Perché Android Auto wireless usa sia Bluetooth che Wi-Fi?
Android Auto Wireless: Il Segreto della Connessione tra Bluetooth e Wi-Fi
Salire in auto, accendere il motore e veder apparire Android Auto wireless sul cruscotto, pronto all’uso, è una comodità impagabile. Niente cavi, nessun intoppo per collegare lo smartphone, che può rimanere tranquillamente in tasca o nella borsa. Ciò che molti conducenti non sanno, tuttavia, è che questa esperienza "senza fili" richiede in realtà due connessioni separate che operano contemporaneamente: Bluetooth e Wi-Fi. La domanda sorge spontanea: perché entrambe? La risposta breve è che nessuna delle due tecnologie può svolgere il lavoro da sola.

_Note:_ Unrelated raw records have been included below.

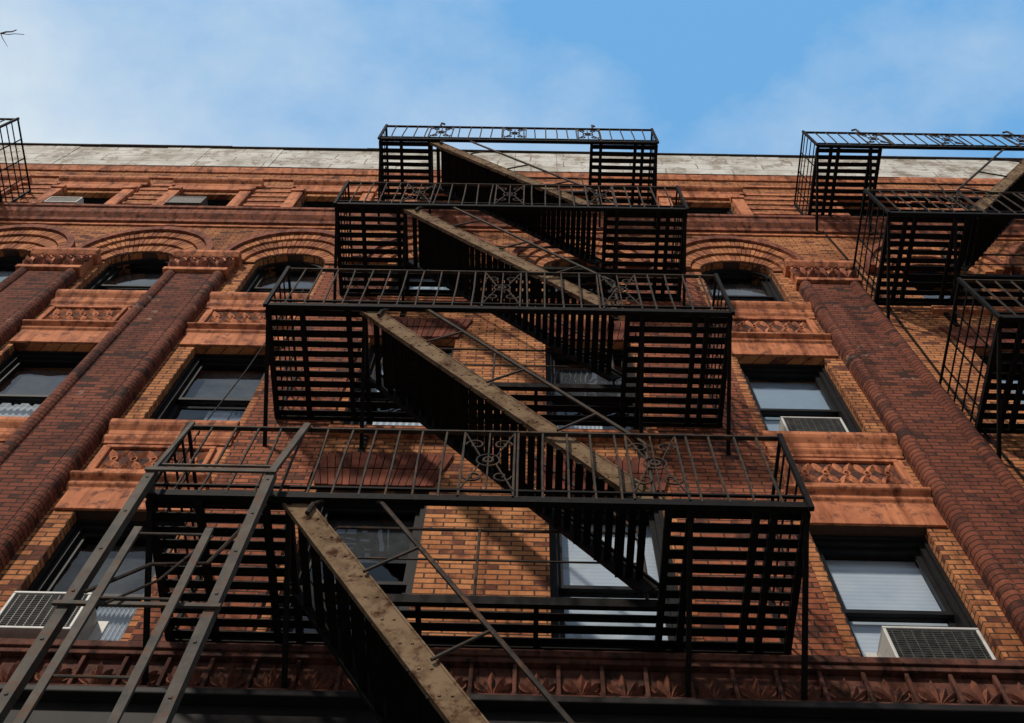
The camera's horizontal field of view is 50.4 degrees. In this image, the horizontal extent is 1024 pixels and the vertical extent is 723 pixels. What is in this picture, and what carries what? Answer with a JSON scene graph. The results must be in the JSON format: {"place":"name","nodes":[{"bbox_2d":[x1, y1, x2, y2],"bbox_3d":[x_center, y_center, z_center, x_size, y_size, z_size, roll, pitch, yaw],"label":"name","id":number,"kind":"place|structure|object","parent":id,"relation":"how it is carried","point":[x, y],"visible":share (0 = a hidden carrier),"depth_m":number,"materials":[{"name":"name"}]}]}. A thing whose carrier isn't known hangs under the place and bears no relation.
{"place":"outdoors","nodes":[
{"label":"outdoors","id":0,"kind":"place"},
{"bbox_2d":[0,0,1023,157],"label":"sky","id":1,"kind":"structure","parent":0,"point":[708,76],"materials":[{"name":"blue"}]},
{"label":"ground","id":2,"kind":"structure","parent":0,"visible":0},
{"bbox_3d":[-0.694,7.393,13.913,25.500,22.600,13.577,1,-66,1],"label":"side and rear walls","id":3,"kind":"object","parent":2,"relation":"on","visible":0},
{"bbox_2d":[0,289,960,632],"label":"interior rooms","id":4,"kind":"object","parent":3,"relation":"attached to","point":[388,573],"depth_m":14.12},
{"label":"sidewalk","id":5,"kind":"structure","parent":0,"visible":0},
{"bbox_2d":[0,30,23,46],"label":"bare street tree","id":6,"kind":"object","parent":5,"relation":"on","point":[1,33],"visible":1,"depth_m":11.05,"materials":[{"name":"brown plant"}]},
{"bbox_2d":[0,684,1023,722],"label":"storefront","id":7,"kind":"object","parent":5,"relation":"on","point":[73,704],"depth_m":7.25,"materials":[{"name":"paint"}]},
{"bbox_2d":[0,638,1023,705],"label":"terracotta frieze","id":8,"kind":"object","parent":7,"relation":"on","point":[250,661],"visible":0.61,"depth_m":7.67,"materials":[{"name":"brown stone"}]},
{"bbox_2d":[0,170,1023,659],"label":"front brick wall","id":9,"kind":"structure","parent":8,"relation":"on","point":[48,534],"depth_m":11.89,"materials":[{"name":"brown brick"}]},
{"bbox_2d":[0,117,30,202],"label":"fire escape","id":10,"kind":"object","parent":9,"relation":"attached to","point":[12,120],"visible":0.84,"depth_m":18.68,"materials":[{"name":"black metal"}]},
{"bbox_2d":[0,122,814,722],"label":"fire escape","id":11,"kind":"object","parent":9,"relation":"attached to","point":[398,674],"visible":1,"depth_m":8.19,"materials":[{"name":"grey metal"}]},
{"bbox_2d":[15,247,862,290],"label":"pilaster capitals","id":12,"kind":"object","parent":9,"relation":"attached to","point":[95,255],"visible":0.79,"depth_m":15.61,"materials":[{"name":"stone"}]},
{"bbox_2d":[22,253,857,277],"bbox_3d":[0.384,-1.348,15.410,19.007,0.394,0.060,1,-66,1],"label":"capital ornament","id":13,"kind":"object","parent":12,"relation":"attached to","point":[65,259],"visible":1,"depth_m":15.37,"materials":[{"name":"stone"}]},
{"bbox_2d":[0,289,946,527],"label":"terracotta belts","id":14,"kind":"object","parent":9,"relation":"attached to","point":[838,505],"visible":0.68,"depth_m":10.98,"materials":[{"name":"brown stone"}]},
{"bbox_2d":[45,309,903,483],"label":"decorative relief panels","id":15,"kind":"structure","parent":14,"relation":"attached to","point":[812,471],"depth_m":10.59,"materials":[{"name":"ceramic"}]},
{"bbox_2d":[46,309,901,483],"bbox_3d":[1.481,0.276,12.127,19.203,4.145,0.036,1,-66,1],"label":"terracotta relief","id":16,"kind":"object","parent":15,"relation":"attached to","point":[804,470],"visible":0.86,"depth_m":10.56},
{"bbox_2d":[37,305,913,486],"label":"terracotta panel frames","id":17,"kind":"structure","parent":14,"relation":"attached to","point":[212,450],"depth_m":10.69,"materials":[{"name":"brown stone"}]},
{"bbox_2d":[0,245,972,273],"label":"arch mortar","id":18,"kind":"object","parent":9,"relation":"attached to","point":[412,258],"visible":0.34,"depth_m":16.19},
{"bbox_2d":[128,266,846,655],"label":"red brick piers","id":19,"kind":"structure","parent":9,"relation":"attached to","point":[824,638],"depth_m":10.51,"materials":[{"name":"red brick"}]},
{"bbox_2d":[0,145,1018,178],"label":"white parapet","id":20,"kind":"structure","parent":9,"relation":"on","point":[933,168],"depth_m":21.57,"materials":[{"name":"paint"}]},
{"bbox_2d":[0,143,1023,160],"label":"parapet coping","id":21,"kind":"object","parent":20,"relation":"on","point":[465,150],"visible":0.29,"depth_m":22.27,"materials":[{"name":"pale stone"},{"name":"dark metal"}]},
{"bbox_2d":[0,198,1021,659],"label":"window frames","id":22,"kind":"structure","parent":9,"relation":"attached to","point":[84,532],"depth_m":11.52,"materials":[{"name":"black wood"}]},
{"bbox_2d":[0,591,108,639],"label":"window air conditioner","id":23,"kind":"object","parent":22,"relation":"in","point":[25,614],"depth_m":8.22,"materials":[{"name":"white metal"}]},
{"bbox_2d":[44,196,83,203],"bbox_3d":[-7.580,-2.552,18.472,0.730,0.310,0.420,1,-66,1],"label":"window air conditioner","id":24,"kind":"object","parent":22,"relation":"in","point":[70,200],"depth_m":18.38,"materials":[{"name":"white metal"}]},
{"bbox_2d":[165,196,207,205],"bbox_3d":[-5.504,-2.540,18.476,0.780,0.390,0.440,1,-66,1],"label":"window air conditioner","id":25,"kind":"object","parent":22,"relation":"in","point":[190,200],"depth_m":18.36,"materials":[{"name":"grey metal"}]},
{"bbox_2d":[0,288,601,640],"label":"sheer curtains","id":26,"kind":"object","parent":22,"relation":"hanging from","point":[119,619],"visible":0.12,"depth_m":12.02,"materials":[{"name":"white fabric"}]},
{"bbox_2d":[0,274,766,593],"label":"curtains","id":27,"kind":"object","parent":22,"relation":"hanging from","point":[374,543],"visible":0.41,"depth_m":12.60,"materials":[{"name":"grey fabric"}]},
{"bbox_2d":[0,271,1023,430],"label":"grey blinds","id":28,"kind":"object","parent":22,"relation":"attached to","point":[790,395],"visible":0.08,"depth_m":12.74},
{"bbox_2d":[371,365,947,656],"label":"white blinds","id":29,"kind":"object","parent":22,"relation":"attached to","point":[880,585],"visible":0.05,"depth_m":9.30,"materials":[{"name":"white plastic"}]},
{"bbox_2d":[779,416,848,431],"bbox_3d":[3.140,0.806,11.338,0.820,0.410,0.310,1,-66,1],"label":"window air conditioner","id":30,"kind":"object","parent":22,"relation":"in","point":[823,424],"depth_m":11.33,"materials":[{"name":"white metal"}]},
{"bbox_2d":[865,626,995,659],"bbox_3d":[3.130,2.241,8.046,0.900,0.430,0.360,1,-66,1],"label":"window air conditioner","id":31,"kind":"object","parent":22,"relation":"in","point":[932,642],"depth_m":8.02,"materials":[{"name":"white metal"}]},
{"bbox_2d":[0,267,1023,644],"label":"brick pilasters","id":32,"kind":"object","parent":9,"relation":"attached to","point":[958,467],"visible":1,"depth_m":11.31,"materials":[{"name":"red brick"}]},
{"bbox_2d":[0,163,1023,240],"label":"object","id":33,"kind":"object","parent":9,"relation":"attached to","point":[127,187],"visible":0.41,"depth_m":19.70,"materials":[{"name":"stone"}]},
{"bbox_2d":[793,129,1023,464],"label":"fire escape","id":34,"kind":"object","parent":33,"relation":"attached to","point":[989,217],"visible":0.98,"depth_m":14.46,"materials":[{"name":"black metal"}]},
{"bbox_2d":[0,202,1023,236],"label":"belt cornice","id":35,"kind":"structure","parent":9,"relation":"attached to","point":[313,216],"depth_m":17.80,"materials":[{"name":"stone"}]},
{"bbox_2d":[0,230,1023,274],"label":"arch voussoirs","id":36,"kind":"object","parent":9,"relation":"attached to","point":[699,256],"visible":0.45,"depth_m":16.40,"materials":[{"name":"brick"}]},
{"bbox_2d":[0,224,1023,274],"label":"arch hood moulds","id":37,"kind":"object","parent":9,"relation":"attached to","point":[67,235],"visible":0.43,"depth_m":16.64,"materials":[{"name":"ceramic"}]},
{"bbox_2d":[0,163,1023,488],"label":"wall cables","id":38,"kind":"object","parent":9,"relation":"attached to","point":[542,171],"depth_m":15.24,"materials":[{"name":"black metal"}]},
{"bbox_2d":[312,317,1023,491],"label":"jack arches","id":39,"kind":"structure","parent":9,"relation":"attached to","point":[379,465],"depth_m":10.53,"materials":[{"name":"brick"}]},
{"bbox_2d":[328,296,1023,442],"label":"window sills","id":40,"kind":"structure","parent":9,"relation":"attached to","point":[938,309],"depth_m":11.10,"materials":[{"name":"brown stone"}]},
{"bbox_2d":[0,660,1023,704],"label":"frieze palmettes","id":41,"kind":"object","parent":8,"relation":"attached to","point":[974,695],"visible":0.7,"depth_m":7.49,"materials":[{"name":"stone"}]}
]}

Il Bluetooth gestisce due compiti specifici nell’ecosistema di Android Auto wireless: l’iniziale "stretta di mano" tra telefono e auto e le chiamate in vivavoce. Questa "stretta di mano" avvia l’intero processo. Essendo una tecnologia a basso consumo energetico, il Bluetooth permette al telefono di scansionare il sistema dell’auto in background, accoppiare i due dispositivi e scambiare le credenziali necessarie per avviare una connessione Wi-Fi. Il secondo compito, fondamentale per la sicurezza, è la gestione delle chiamate in vivavoce, instradando l’audio attraverso gli altoparlanti dell’auto utilizzando il protocollo Hands-Free. Disattivare il Bluetooth durante la guida interrompe semplicemente la connessione. Per queste ragioni, non è possibile eseguire Android Auto wireless senza Bluetooth. Inoltre, il Bluetooth ha un throughput dati limitato a circa 2-3 Mbps, sufficienti per il solo audio, ma non per uno streaming ad alta risoluzione di interfacce mappa, audio e input touch.

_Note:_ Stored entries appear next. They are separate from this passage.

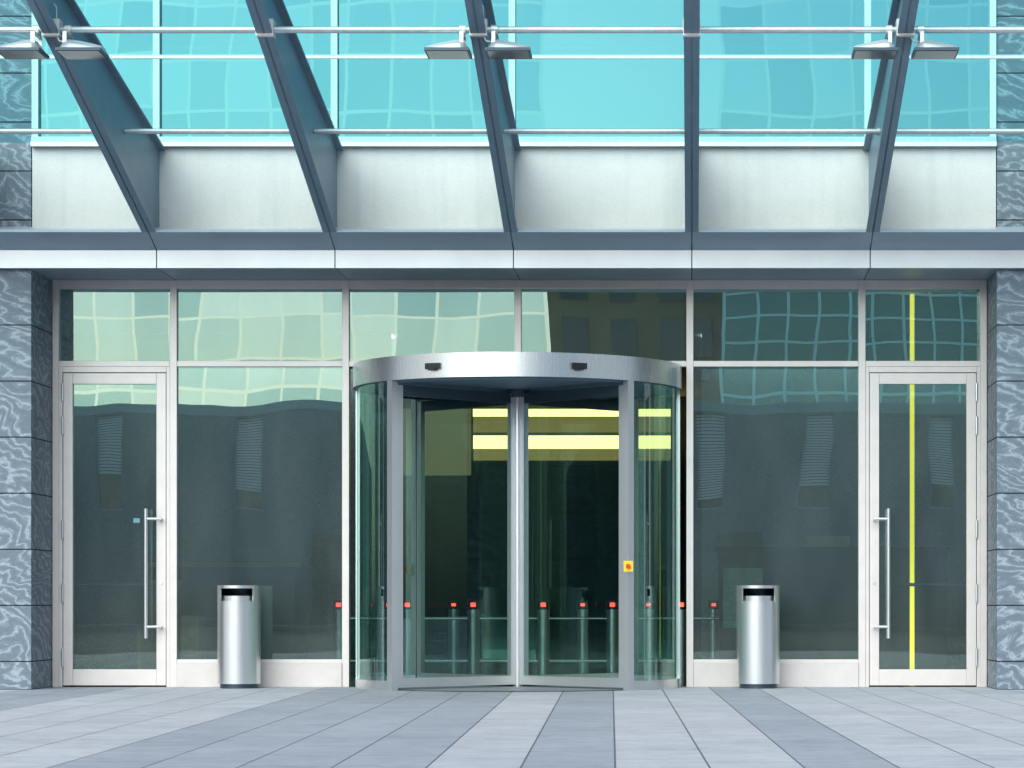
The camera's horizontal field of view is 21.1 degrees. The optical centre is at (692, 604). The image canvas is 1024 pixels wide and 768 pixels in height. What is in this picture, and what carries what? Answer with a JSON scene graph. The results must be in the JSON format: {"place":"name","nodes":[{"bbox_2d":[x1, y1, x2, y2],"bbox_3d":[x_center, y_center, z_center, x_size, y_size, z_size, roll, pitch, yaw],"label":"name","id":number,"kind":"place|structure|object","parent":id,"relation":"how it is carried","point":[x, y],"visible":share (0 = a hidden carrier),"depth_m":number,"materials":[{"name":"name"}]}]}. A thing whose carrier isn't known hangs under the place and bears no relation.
{"place":"outdoors","nodes":[
{"label":"outdoors","id":0,"kind":"place"},
{"bbox_2d":[133,518,139,522],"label":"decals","id":1,"kind":"object","parent":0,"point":[136,520],"visible":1,"depth_m":21.40,"materials":[{"name":"teal plastic"}]},
{"bbox_2d":[0,686,1023,767],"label":"plaza","id":2,"kind":"structure","parent":0,"point":[678,727],"depth_m":14.20,"materials":[{"name":"stone"}]},
{"bbox_2d":[217,585,260,688],"bbox_3d":[-3.490,0.245,21.100,0.330,0.790,0.330,0,0,0],"label":"bin","id":3,"kind":"object","parent":2,"relation":"on","point":[238,636],"visible":1,"depth_m":20.97,"materials":[{"name":"grey metal"}]},
{"bbox_2d":[0,0,1023,689],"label":"granite pillars","id":4,"kind":"structure","parent":2,"relation":"on","point":[24,478],"depth_m":20.70,"materials":[{"name":"grey stone"}]},
{"bbox_2d":[26,0,918,242],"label":"canopy beams","id":5,"kind":"structure","parent":4,"relation":"attached to","point":[110,108],"depth_m":18.85,"materials":[{"name":"grey metal"}]},
{"bbox_2d":[0,3,958,58],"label":"flood lights","id":6,"kind":"object","parent":5,"relation":"attached to","point":[72,48],"visible":0.97,"depth_m":17.17,"materials":[{"name":"white metal"}]},
{"bbox_2d":[0,19,1023,134],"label":"metal rods","id":7,"kind":"object","parent":5,"relation":"attached to","point":[515,29],"visible":0.69,"depth_m":18.80,"materials":[{"name":"silver metal"}]},
{"bbox_2d":[0,227,1023,279],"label":"fascia","id":8,"kind":"structure","parent":4,"relation":"attached to","point":[528,253],"depth_m":20.62,"materials":[{"name":"grey metal"}]},
{"bbox_2d":[32,147,995,226],"bbox_3d":[-1.345,-3.135,21.202,7.284,0.650,0.996,0,0,0],"label":"white band","id":9,"kind":"object","parent":8,"relation":"on","point":[554,186],"visible":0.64,"depth_m":20.70,"materials":[{"name":"paint"}]},
{"bbox_2d":[31,0,996,146],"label":"window frame","id":10,"kind":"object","parent":9,"relation":"on","point":[37,140],"depth_m":20.67,"materials":[{"name":"white metal"}]},
{"bbox_2d":[40,0,988,136],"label":"glass","id":11,"kind":"object","parent":10,"relation":"attached to","point":[575,94],"visible":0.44,"depth_m":20.73,"materials":[{"name":"teal glass"}]},
{"bbox_2d":[353,352,681,690],"bbox_3d":[-1.360,-0.610,21.400,2.560,2.500,2.560,0,0,0],"label":"revolving door","id":12,"kind":"structure","parent":2,"relation":"on","point":[517,383],"depth_m":20.86,"materials":[{"name":"silver metal"}]},
{"bbox_2d":[52,280,986,686],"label":"glazing frames","id":13,"kind":"structure","parent":2,"relation":"on","point":[698,672],"depth_m":21.36,"materials":[{"name":"silver metal"}]},
{"bbox_2d":[59,367,169,686],"bbox_3d":[-4.507,-0.610,21.413,0.866,2.500,0.085,0,0,0],"label":"door frame","id":14,"kind":"object","parent":13,"relation":"attached to","point":[69,378],"visible":1,"depth_m":21.38,"materials":[{"name":"silver metal"}]},
{"bbox_2d":[61,383,162,666],"bbox_3d":[-4.526,-0.625,21.393,0.790,2.210,0.214,0,0,0],"label":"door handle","id":15,"kind":"object","parent":14,"relation":"attached to","point":[145,584],"visible":1,"depth_m":21.30,"materials":[{"name":"silver metal"}]},
{"bbox_2d":[866,367,979,686],"bbox_3d":[1.802,-0.610,21.413,0.896,2.500,0.085,0,0,0],"label":"door frame","id":16,"kind":"object","parent":13,"relation":"attached to","point":[969,377],"visible":1,"depth_m":21.38,"materials":[{"name":"silver metal"}]},
{"bbox_2d":[873,383,977,666],"bbox_3d":[1.821,-0.625,21.393,0.820,2.210,0.214,0,0,0],"label":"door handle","id":17,"kind":"object","parent":16,"relation":"attached to","point":[888,584],"visible":1,"depth_m":21.35,"materials":[{"name":"silver metal"}]},
{"bbox_2d":[61,289,978,685],"bbox_3d":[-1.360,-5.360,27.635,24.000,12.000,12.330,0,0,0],"label":"window glass","id":18,"kind":"object","parent":2,"relation":"on","point":[775,475],"visible":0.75,"depth_m":26.00,"materials":[{"name":"clear glass"}]},
{"bbox_2d":[333,600,718,675],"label":"turnstile barriers","id":19,"kind":"object","parent":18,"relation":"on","point":[543,618],"visible":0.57,"depth_m":24.45,"materials":[{"name":"silver metal"}]},
{"bbox_2d":[737,585,779,688],"bbox_3d":[0.510,0.245,21.100,0.330,0.790,0.330,0,0,0],"label":"bin","id":20,"kind":"object","parent":2,"relation":"on","point":[758,636],"visible":1,"depth_m":20.96,"materials":[{"name":"grey metal"}]}
]}

Una volta completata la "stretta di mano" Bluetooth e il dispositivo accoppiato all’auto, il telefono si connette a una rete locale peer-to-peer Wi-Fi Direct a 5GHz. È qui che avviene la magia: il Wi-Fi Direct fornisce la larghezza di banda necessaria per gestire tutto il resto. Parliamo dell’interfaccia utente, dell’audio di alta qualità proveniente dai servizi di streaming e di tutti i dati dei sensori (dettagli GPS, contachilometri, input touch sullo schermo, comandi vocali, luce ambientale, ecc.). La documentazione per sviluppatori di Android Auto di Google afferma chiaramente che il requisito del Wi-Fi a 5 GHz è tassativo perché il Bluetooth standard non ha la larghezza di banda per la proiezione video continua. Per questo motivo, i modelli di telefono più vecchi senza supporto Wi-Fi a 5 GHz semplicemente non possono eseguire Android Auto wireless.

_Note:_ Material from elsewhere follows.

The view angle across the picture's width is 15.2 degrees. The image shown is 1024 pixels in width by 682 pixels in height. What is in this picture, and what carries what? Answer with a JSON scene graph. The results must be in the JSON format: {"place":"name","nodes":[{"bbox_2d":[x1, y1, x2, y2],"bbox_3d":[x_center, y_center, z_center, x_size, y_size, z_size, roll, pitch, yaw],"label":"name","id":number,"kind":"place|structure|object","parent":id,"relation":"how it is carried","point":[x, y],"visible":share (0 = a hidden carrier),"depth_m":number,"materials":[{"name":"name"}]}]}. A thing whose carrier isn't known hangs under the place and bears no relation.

Molti veicoli supportano solo Android Auto cablato. Per fortuna, sono disponibili numerosi dongle sul mercato, come Carlinkit, AAWireless e Motorola MA1, che colmano questa lacuna utilizzando la stessa logica Bluetooth e Wi-Fi, ma con un livello aggiuntivo. Questi piccoli dongle si collegano alla porta USB dell’auto e simulano uno smartphone cablato. Il dongle si accoppia con il telefono tramite Bluetooth, stabilendo una connessione dati. Il telefono interrompe quindi il collegamento dati Bluetooth e si connette al dongle tramite Wi-Fi Direct a 5GHz, prima di tradurre quel flusso Wi-Fi in un segnale USB. Per l’auto, sembra di lavorare con una connessione cablata standard. È una soluzione semplice che non costerà una fortuna.
Sebbene l’uso di Android Auto wireless sia indubbiamente comodo, presenta alcuni svantaggi. Innanzitutto, sia Bluetooth che Wi-Fi devono rimanere attivi; disattivarne uno interrompe la connessione. Mantenere una connessione Wi-Fi a 5 GHz attiva, oltre a GPS e Bluetooth, può sicuramente scaricare la batteria del dispositivo. Inoltre, se si utilizza un dongle, può aggiungere un leggero ritardo nella connessione. È anche necessario disporre di un telefono con supporto Wi-Fi a 5GHz che esegua Android 11 o versioni successive.
In definitiva, Android Auto wireless funziona così fluidamente perché Bluetooth e Wi-Fi gestiscono ciascuno la parte del lavoro per cui sono più adatti. Quando si sa cosa succede dietro le quinte, può sembrare complicato, ma il risultato finale, una guida connessa e senza intoppi, ne vale decisamente la pena.